-- Opening Marker --

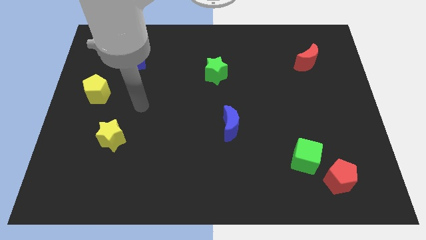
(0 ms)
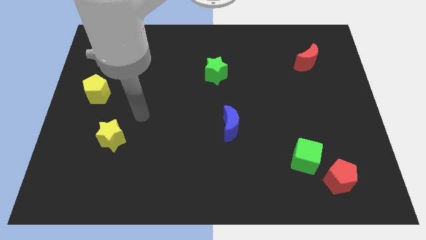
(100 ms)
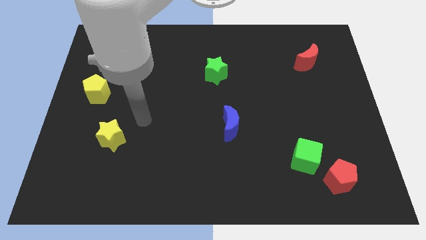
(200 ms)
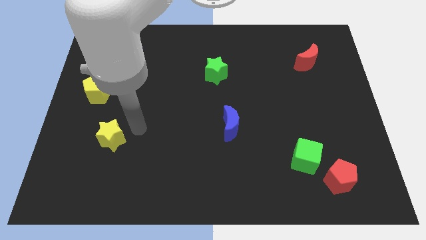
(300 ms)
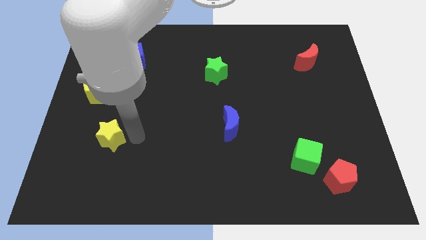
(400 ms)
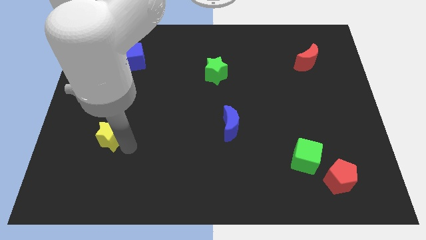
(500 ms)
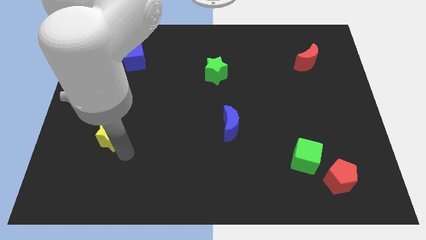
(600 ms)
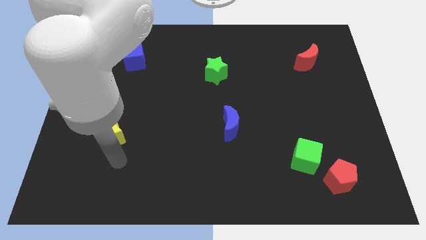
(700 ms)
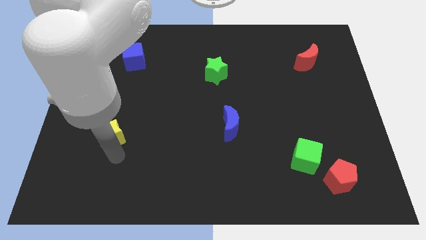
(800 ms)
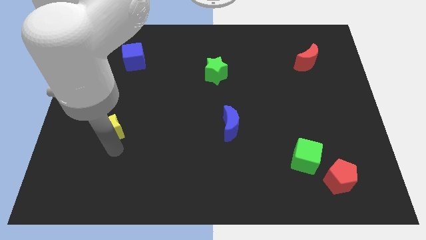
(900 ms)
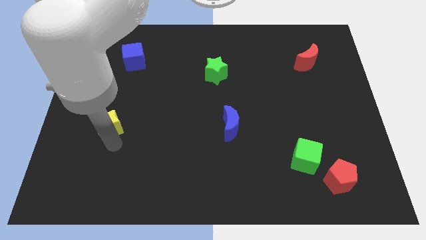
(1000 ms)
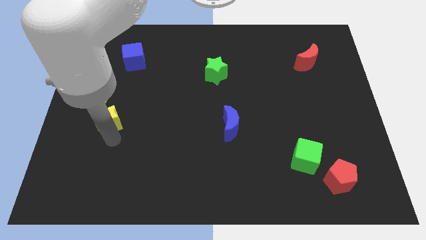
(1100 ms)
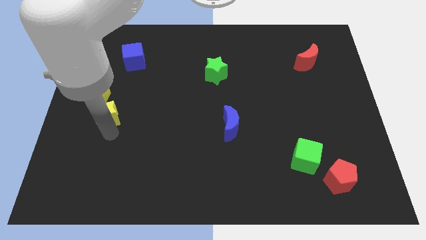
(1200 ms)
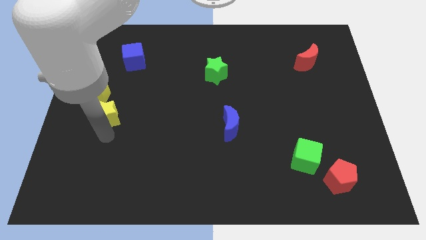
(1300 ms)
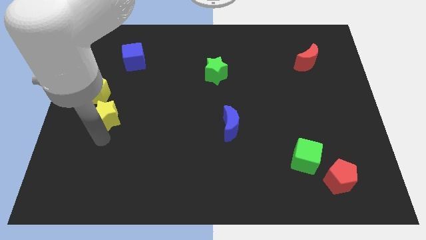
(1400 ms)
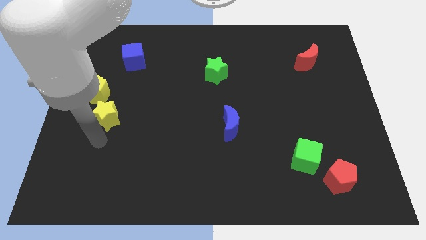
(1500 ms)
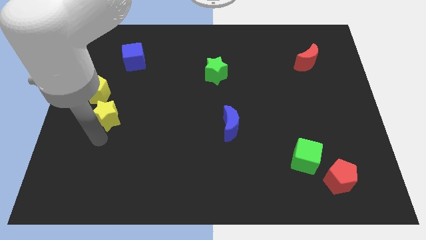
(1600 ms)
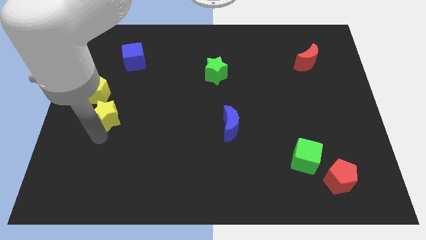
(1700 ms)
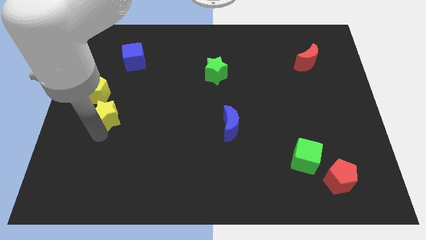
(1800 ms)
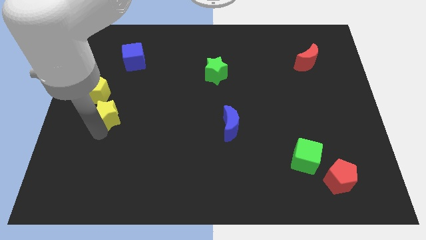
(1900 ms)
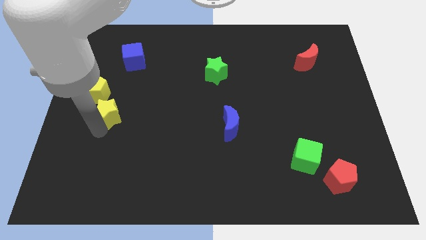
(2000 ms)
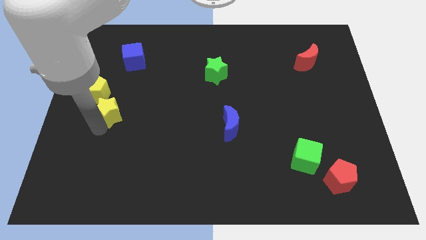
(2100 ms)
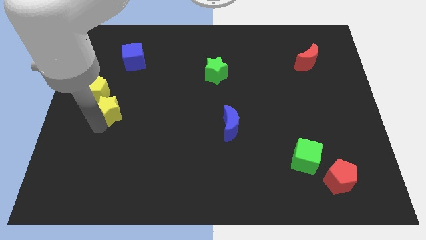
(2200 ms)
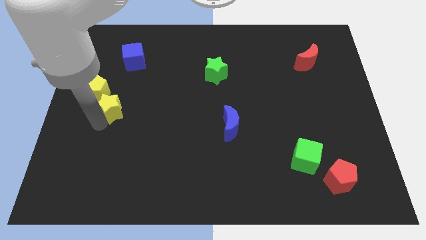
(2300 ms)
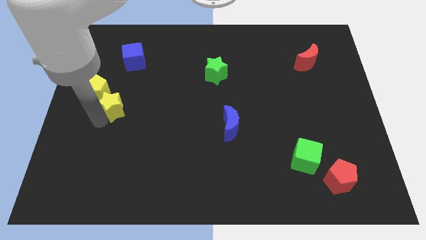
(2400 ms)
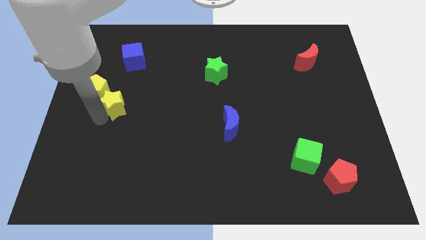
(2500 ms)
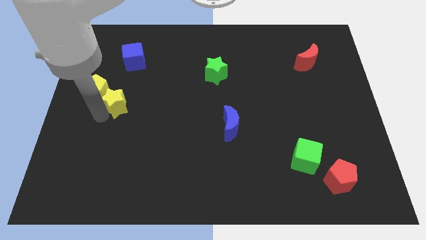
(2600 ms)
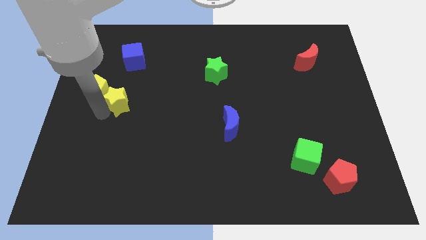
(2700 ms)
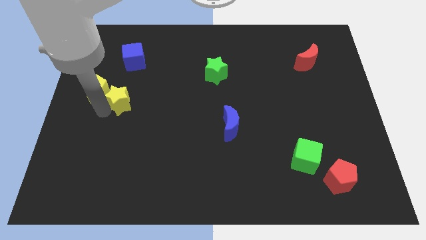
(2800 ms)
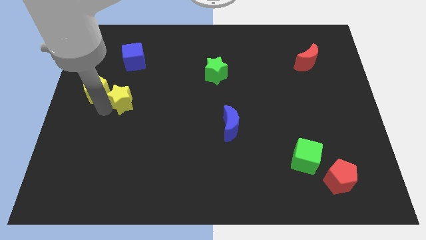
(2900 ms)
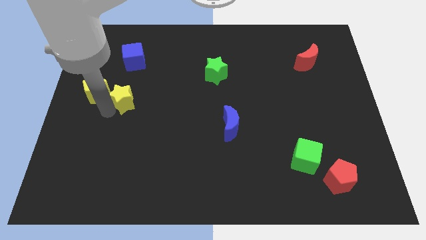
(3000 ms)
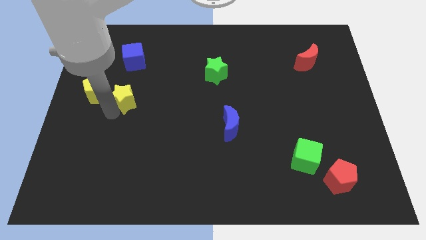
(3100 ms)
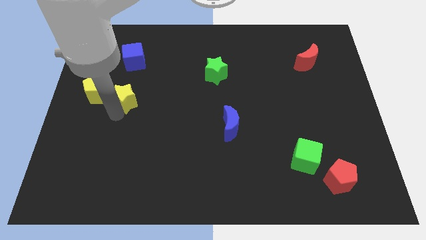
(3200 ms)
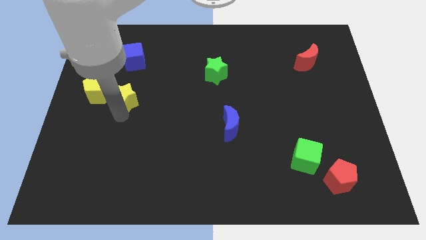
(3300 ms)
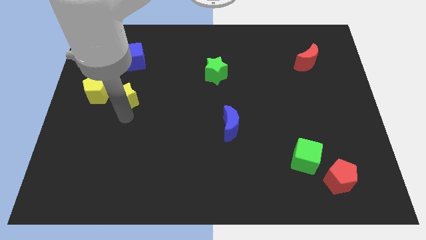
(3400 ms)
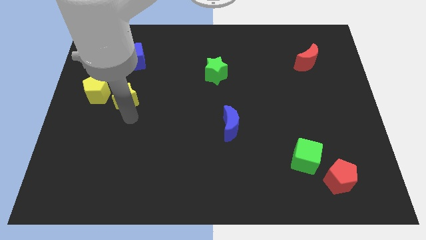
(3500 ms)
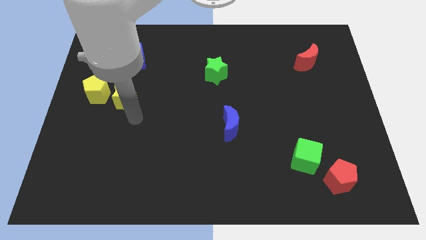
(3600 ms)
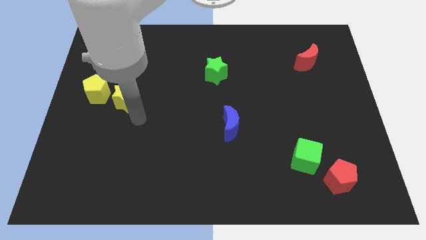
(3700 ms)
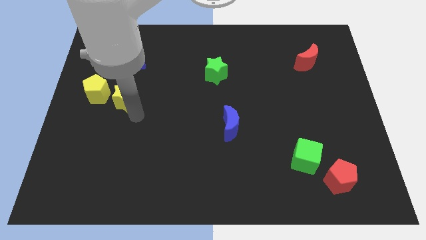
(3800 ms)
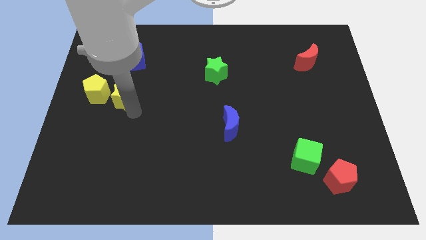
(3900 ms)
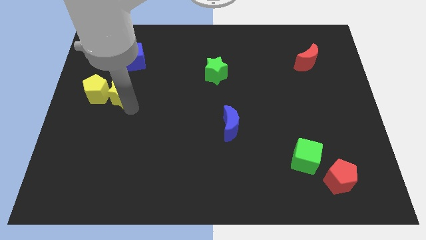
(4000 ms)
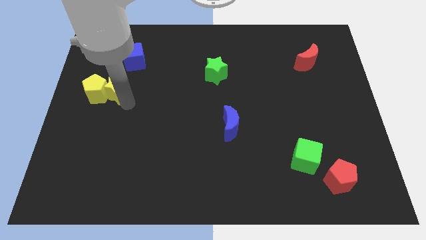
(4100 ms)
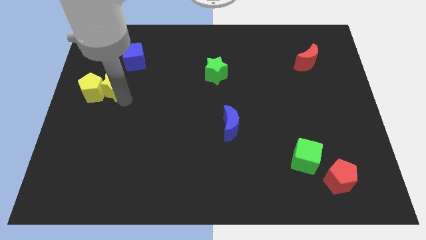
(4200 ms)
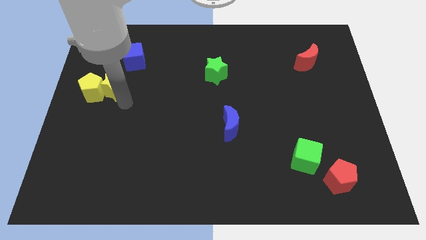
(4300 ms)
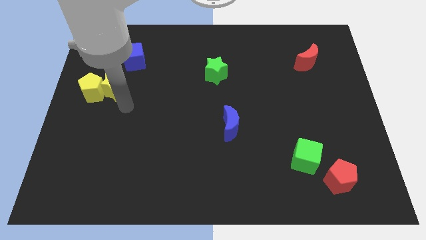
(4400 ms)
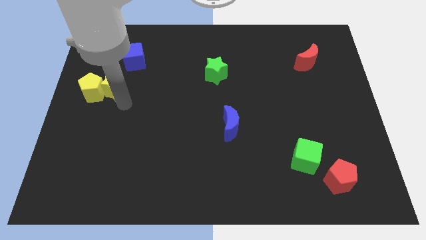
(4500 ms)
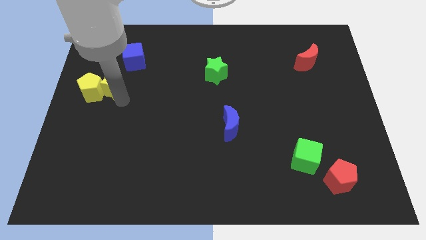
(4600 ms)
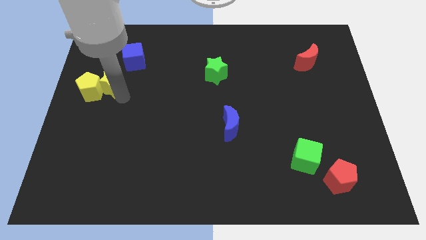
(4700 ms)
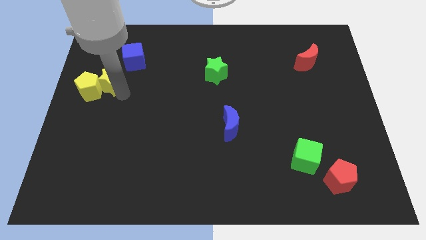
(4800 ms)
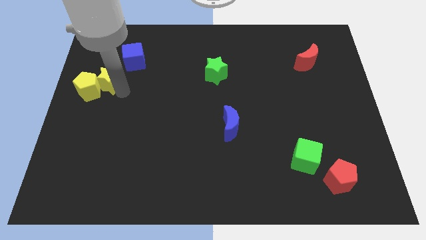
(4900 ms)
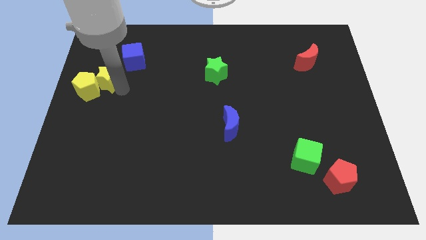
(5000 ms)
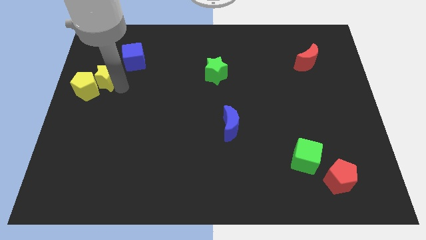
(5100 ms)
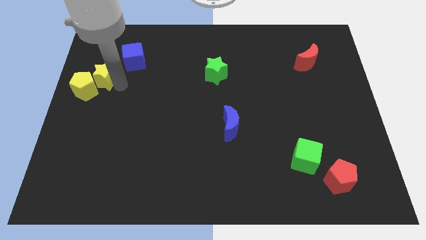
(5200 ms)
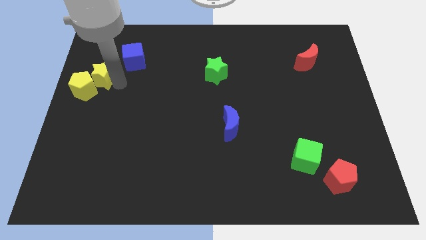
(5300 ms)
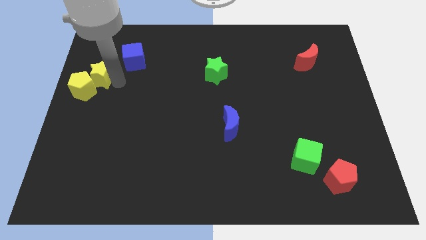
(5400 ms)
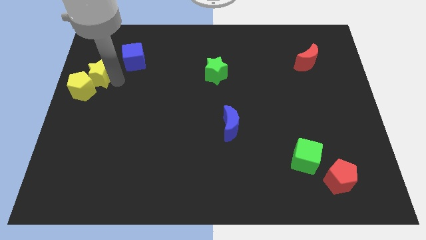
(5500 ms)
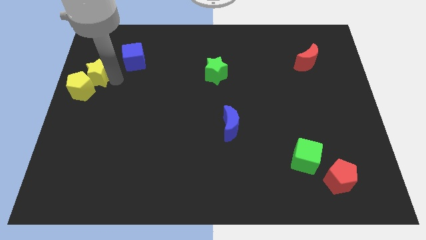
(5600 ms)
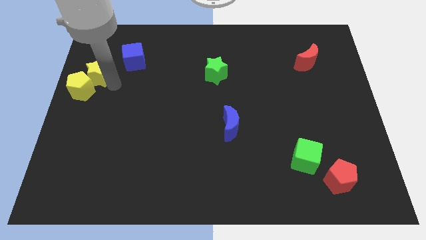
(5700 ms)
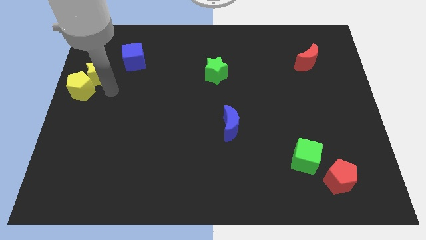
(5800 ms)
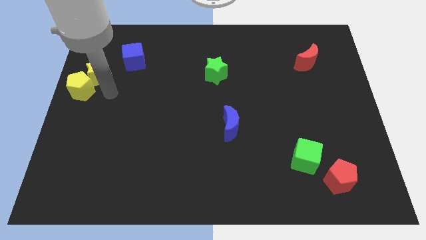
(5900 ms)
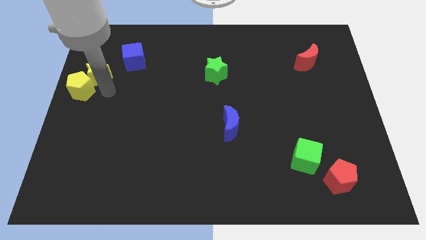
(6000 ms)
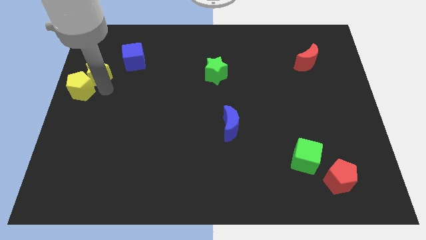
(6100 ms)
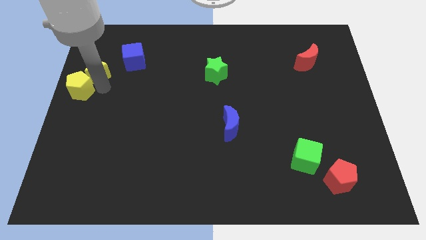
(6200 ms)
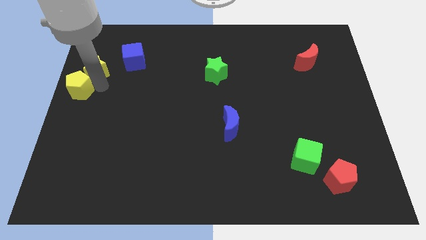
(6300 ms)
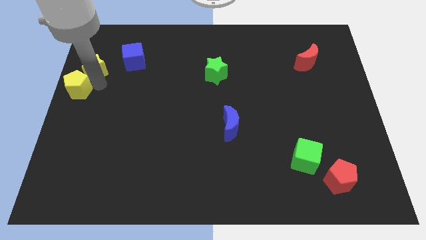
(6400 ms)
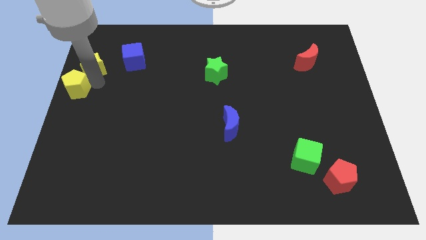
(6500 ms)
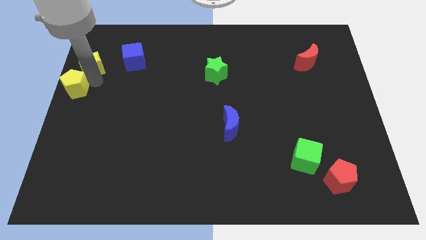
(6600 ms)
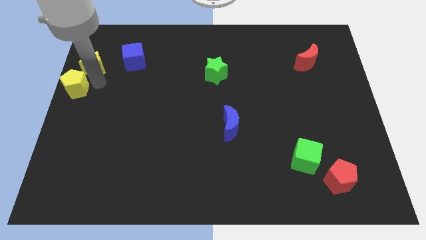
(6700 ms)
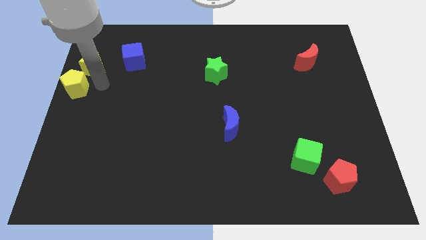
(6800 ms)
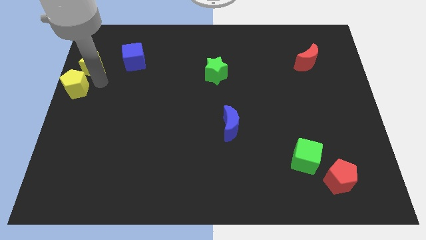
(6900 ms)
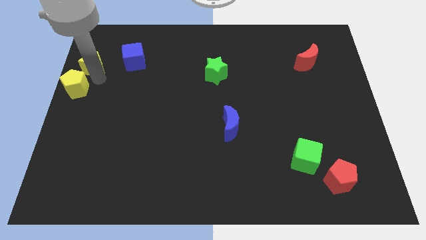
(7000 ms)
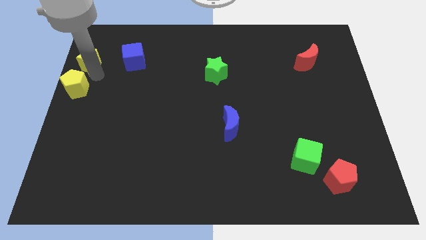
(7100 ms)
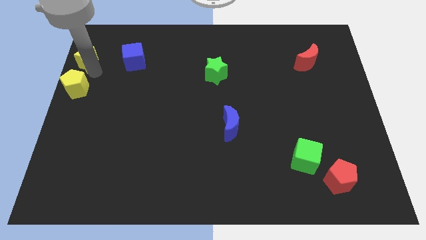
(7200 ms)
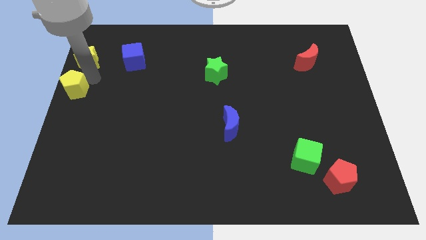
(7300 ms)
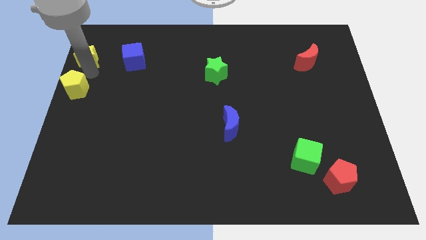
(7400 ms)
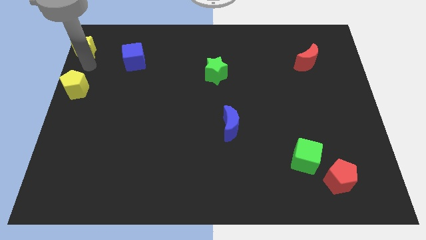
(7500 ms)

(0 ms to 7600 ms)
slide the yellow star to the top left of the board

-- Closing Marker --

> [TASK STATEMENT]: Print every entry above again without changing a word, and omit the pictures.

> [FINISHED EXERCISE]:
(0 ms)
(100 ms)
(200 ms)
(300 ms)
(400 ms)
(500 ms)
(600 ms)
(700 ms)
(800 ms)
(900 ms)
(1000 ms)
(1100 ms)
(1200 ms)
(1300 ms)
(1400 ms)
(1500 ms)
(1600 ms)
(1700 ms)
(1800 ms)
(1900 ms)
(2000 ms)
(2100 ms)
(2200 ms)
(2300 ms)
(2400 ms)
(2500 ms)
(2600 ms)
(2700 ms)
(2800 ms)
(2900 ms)
(3000 ms)
(3100 ms)
(3200 ms)
(3300 ms)
(3400 ms)
(3500 ms)
(3600 ms)
(3700 ms)
(3800 ms)
(3900 ms)
(4000 ms)
(4100 ms)
(4200 ms)
(4300 ms)
(4400 ms)
(4500 ms)
(4600 ms)
(4700 ms)
(4800 ms)
(4900 ms)
(5000 ms)
(5100 ms)
(5200 ms)
(5300 ms)
(5400 ms)
(5500 ms)
(5600 ms)
(5700 ms)
(5800 ms)
(5900 ms)
(6000 ms)
(6100 ms)
(6200 ms)
(6300 ms)
(6400 ms)
(6500 ms)
(6600 ms)
(6700 ms)
(6800 ms)
(6900 ms)
(7000 ms)
(7100 ms)
(7200 ms)
(7300 ms)
(7400 ms)
(7500 ms)

(0 ms to 7600 ms)
slide the yellow star to the top left of the board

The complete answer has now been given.